Here is a clever technique that lets you turn the side of a cake into a rustic-looking basket. You simply combine long vertical stripes of icing with short horizontal bars to produce edible basketweaving.
Getting Ready
Set up your practice board. Insert a coupler base in your Featherweight bag and lock basketweave tip 47 onto it with your coupler ring.
Fill your bag half full with medium consistency Buttercream Icing for practice.
Tip: 47
Icing: medium consistency
Positions:
- Bag: 45° angle at 6:00 for vertical strips, at 3:00(9:00) for horizontal bars
- Tip: lightly touching surface, serrated side up
Sequence:
1. Squeeze evenly, vertically.
2. Stop squeezing.
3. Lift tip away.
4. Squeeze evenly, horizontally across vertical strip.
5. Stop squeezing.
6. Lift tip away.
With bag in 6:00 position, squeeze out a vertical strip of icing. With bag in 3:00 (9:00) position, squeeze out short horizontal bars across the vertical bar. Spacing between the horizontal bars should be the same as the width of the tip. To expand the basketweave pattern, simply repeat the two previous steps, one vertical bar at a time. Note that each new set of horizontal bars fits between the horizontal bars of the previous set.

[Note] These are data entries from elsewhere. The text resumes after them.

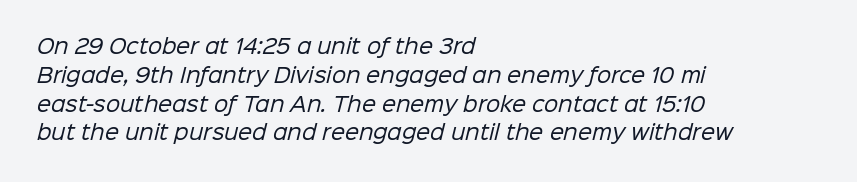
{"bold": "no", "underline": "no", "align": "left", "line_spacing": "normal", "line_spacing_ratio": 1.44, "letter_spacing": "normal", "letter_spacing_em": 0.0, "glyph_px": 20}
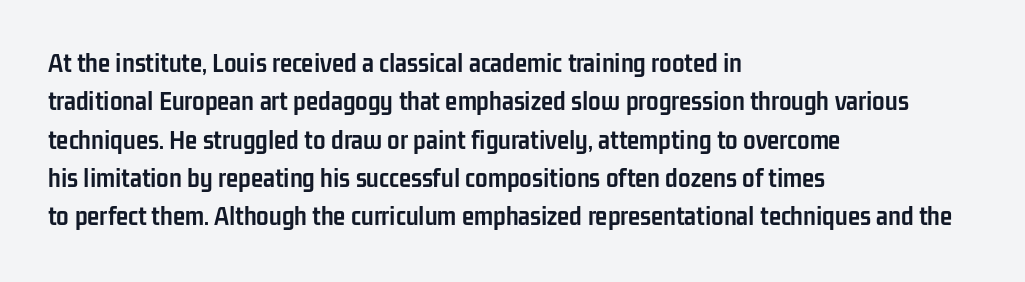
Does extra space separate the letters? No, they use regular spacing. You can tell from the bare stems that sans-serif type was used. A typesetter would call this proportional, since set widths differ per character. Ascenders rise straight up at ninety degrees. Vertical spacing — default. Notice how thick the strokes are: this is what a full bold looks like.
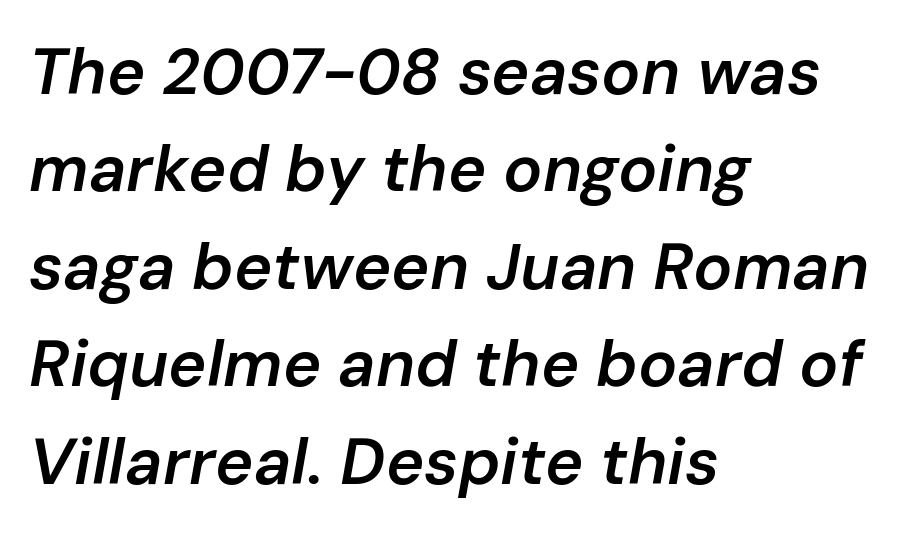
Q: Is the text bold? A: Semi-bold.
Q: Is the text italic (slanted)? A: Yes, it leans right by about 10 degrees.
Q: Is the text underlined? A: No.
Q: How is the paragraph aligned? A: Left-aligned.
Q: Is the spacing between letters normal or unusually wide? A: Normal.
Q: Is the spacing between lines tight, normal or loose? A: Normal.
Q: Width (condensed, normal, or wide)? A: Normal.
Q: Stroke contrast? A: Low.
Q: x-height? A: Medium.
Q: Monospaced? A: No.
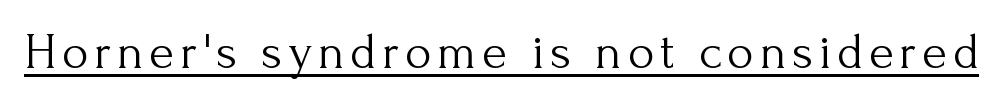
This is the regular roman posture of the typeface. Letterform terminals end in serifs throughout the passage. Every word sits above its own underline. Spacing verdict: proportional, widths tailored to each character. The font sits on the lighter half of the weight spectrum, regular included.
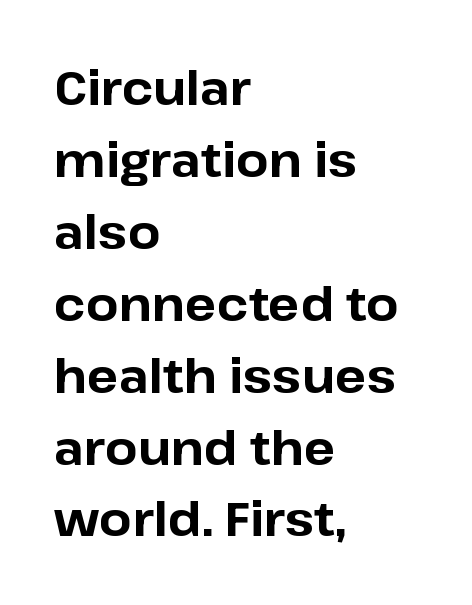
Q: Is the text bold? A: Yes.
Q: Is the text italic (slanted)? A: No, it is upright.
Q: Is the typeface a serif or a sans-serif typeface? A: Sans-serif.
Q: Is the text underlined? A: No.
Q: How is the paragraph aligned? A: Left-aligned.
Q: Is the spacing between letters normal or unusually wide? A: Normal.
Q: Is the spacing between lines tight, normal or loose? A: Normal.
Q: Width (condensed, normal, or wide)? A: Normal.
Q: Stroke contrast? A: Low.
Q: x-height? A: Medium.
Q: Monospaced? A: No.
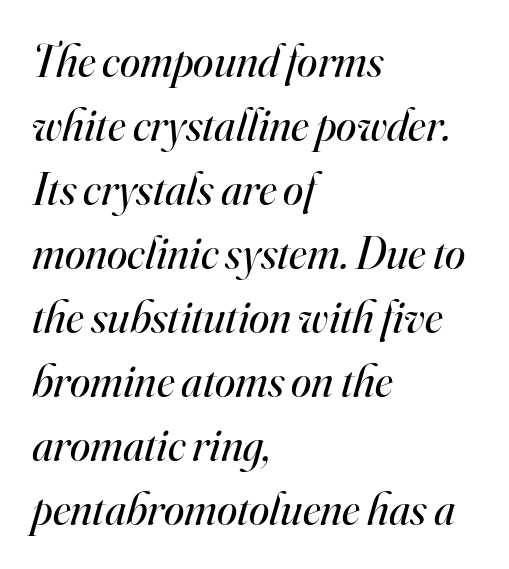
The image shows 46 px regular-weight serif type, italic (leaning right); set left-aligned, normal line spacing (1.39x), normal letter spacing, not underlined; high stroke contrast and a small x-height.
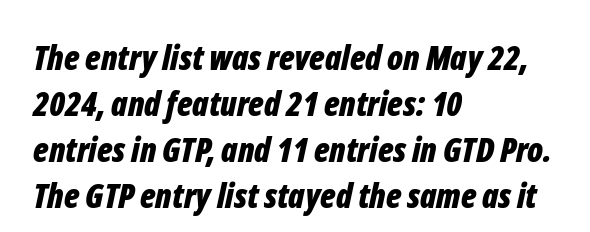
The image shows 34 px bold, condensed type, italic (leaning right); set left-aligned, normal line spacing (1.35x), normal letter spacing, not underlined; low stroke contrast and a medium x-height.
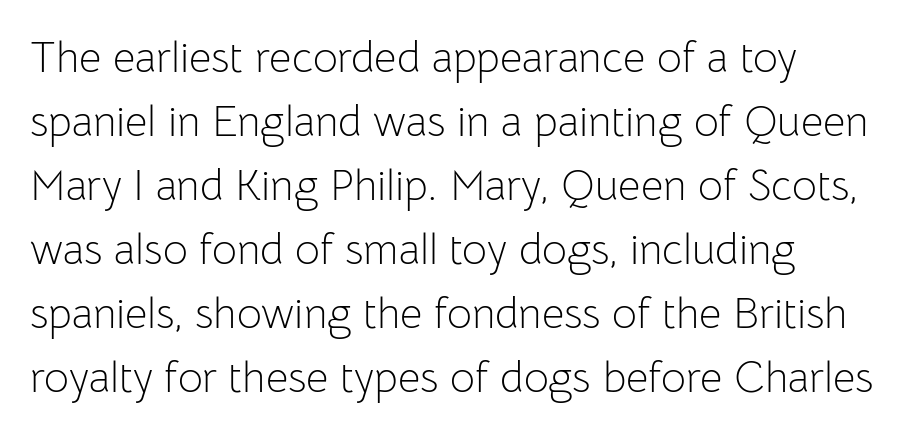
{"serif": "no", "italic": "no", "bold": "no", "weight": "light", "width": "normal", "stroke_contrast": "low", "x_height": "medium", "monospaced": "no", "underline": "no", "align": "left", "line_spacing": "normal", "line_spacing_ratio": 1.49, "letter_spacing": "normal", "letter_spacing_em": 0.0, "glyph_px": 43}
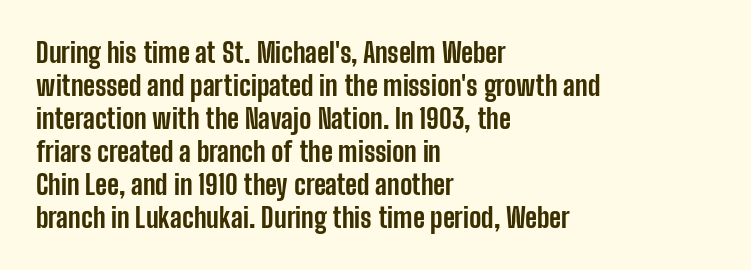
Q: Is the text bold? A: Yes.
Q: Is the text italic (slanted)? A: No, it is upright.
Q: Is the text underlined? A: No.
Q: How is the paragraph aligned? A: Left-aligned.
Q: Is the spacing between letters normal or unusually wide? A: Normal.
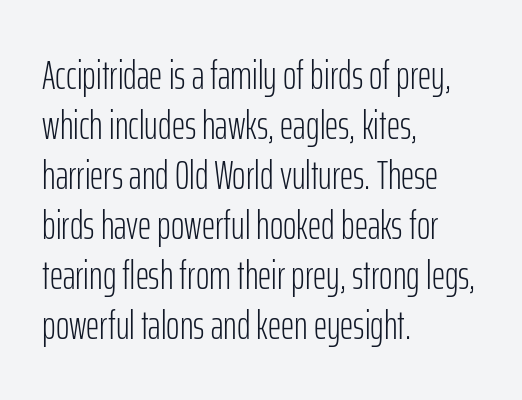
The image shows 41 px light, condensed sans-serif type, upright; set left-aligned, line spacing 1.22x, normal letter spacing, not underlined; low stroke contrast and a medium x-height.
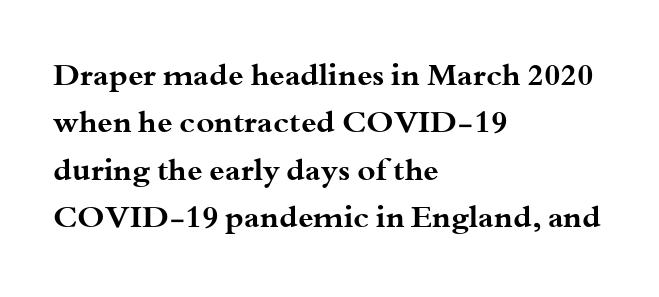
Line spacing here is normal. Words float on clear page, feet unadorned. The face used here has the dense, thick strokes of a bold. This is the regular roman posture of the typeface.
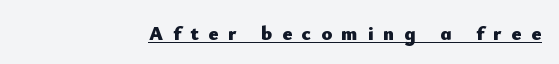
{"italic": "no", "bold": "yes", "underline": "yes", "align": "right", "letter_spacing": "wide", "letter_spacing_em": 0.49, "glyph_px": 20}
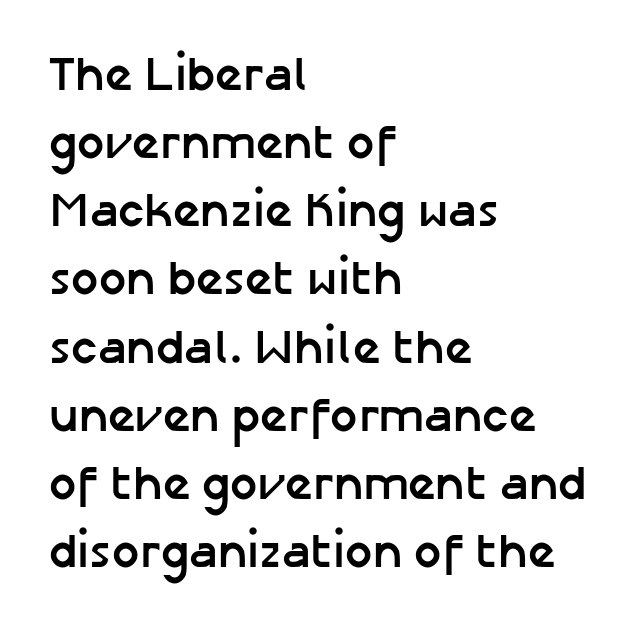
{"serif": "no", "italic": "no", "bold": "yes", "weight": "semibold", "width": "normal", "stroke_contrast": "low", "x_height": "medium", "monospaced": "no", "underline": "no", "align": "left", "line_spacing": "normal", "line_spacing_ratio": 1.42, "letter_spacing": "normal", "letter_spacing_em": 0.0, "glyph_px": 48}
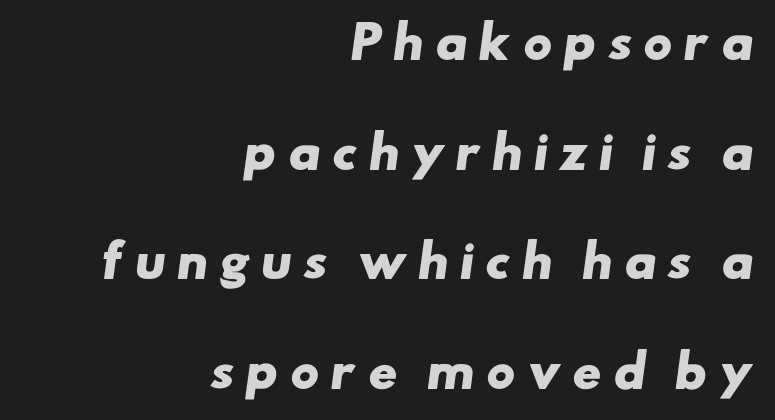
The space between consecutive lines is lavish. The characters look thick and weighty, a clear bold. The rag falls on the left side of this text block. Is the letter spacing exaggerated? Yes — the characters are pushed far apart.
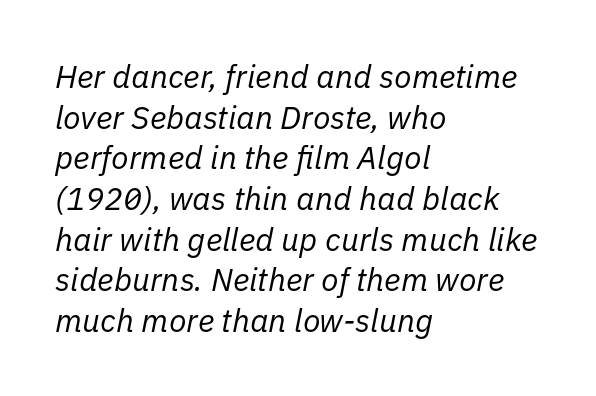
{"italic": "yes", "lean": "right", "slant_degrees": 11, "bold": "no", "weight": "regular", "width": "normal", "stroke_contrast": "low", "x_height": "medium", "monospaced": "no", "underline": "no", "align": "left", "line_spacing": "normal", "line_spacing_ratio": 1.27, "letter_spacing": "normal", "letter_spacing_em": 0.0, "glyph_px": 32}
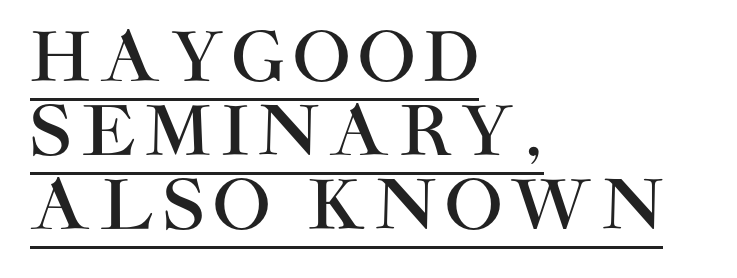
The image shows 68 px sans-serif type, upright; set left-aligned, tight line spacing (1.09x), underlined; high stroke contrast and a large x-height.
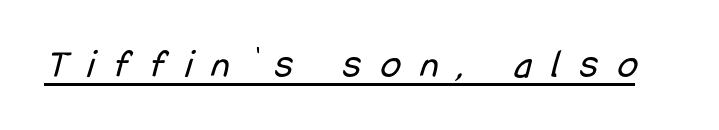
The image shows 41 px regular-weight, condensed sans-serif type; set unusually wide letter spacing (+0.48 em), underlined; low stroke contrast and a medium x-height.
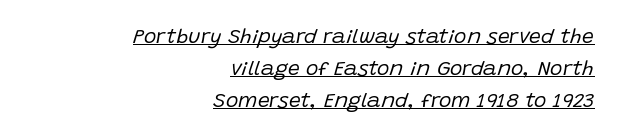
If you measured baseline to baseline, you'd find a middling distance. Every word sits above its own underline. The weight would be labelled regular, book, light, or lighter still. The setting favours the right margin, as signatures and pull-quotes sometimes do. Tall strokes in this sample are angled rather than plumb.
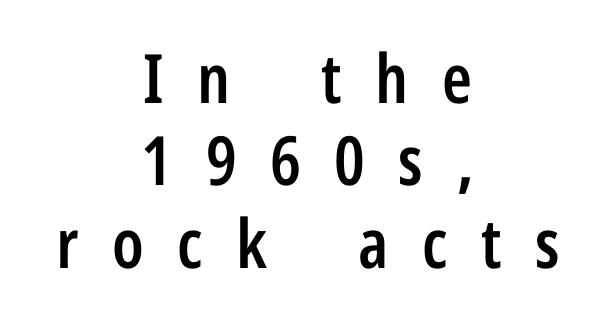
The image shows 68 px semibold, condensed sans-serif type, upright; set centered, line spacing 1.21x, unusually wide letter spacing (+0.49 em), not underlined; low stroke contrast and a medium x-height.

When you make the basketweave pattern, be sure that your horizontal bars are long enough so that the next vertical strip can cover their ends without breaking the evenness of the pattern.
That's how you get a deep, three-dimensional look. After you have practiced your basketweave on a flat surface, try it on your upright board so you get the feel of doing it on the side of a cake. When covering the side of a real cake with the basketweave patten, start at the base of the cake and work your way up.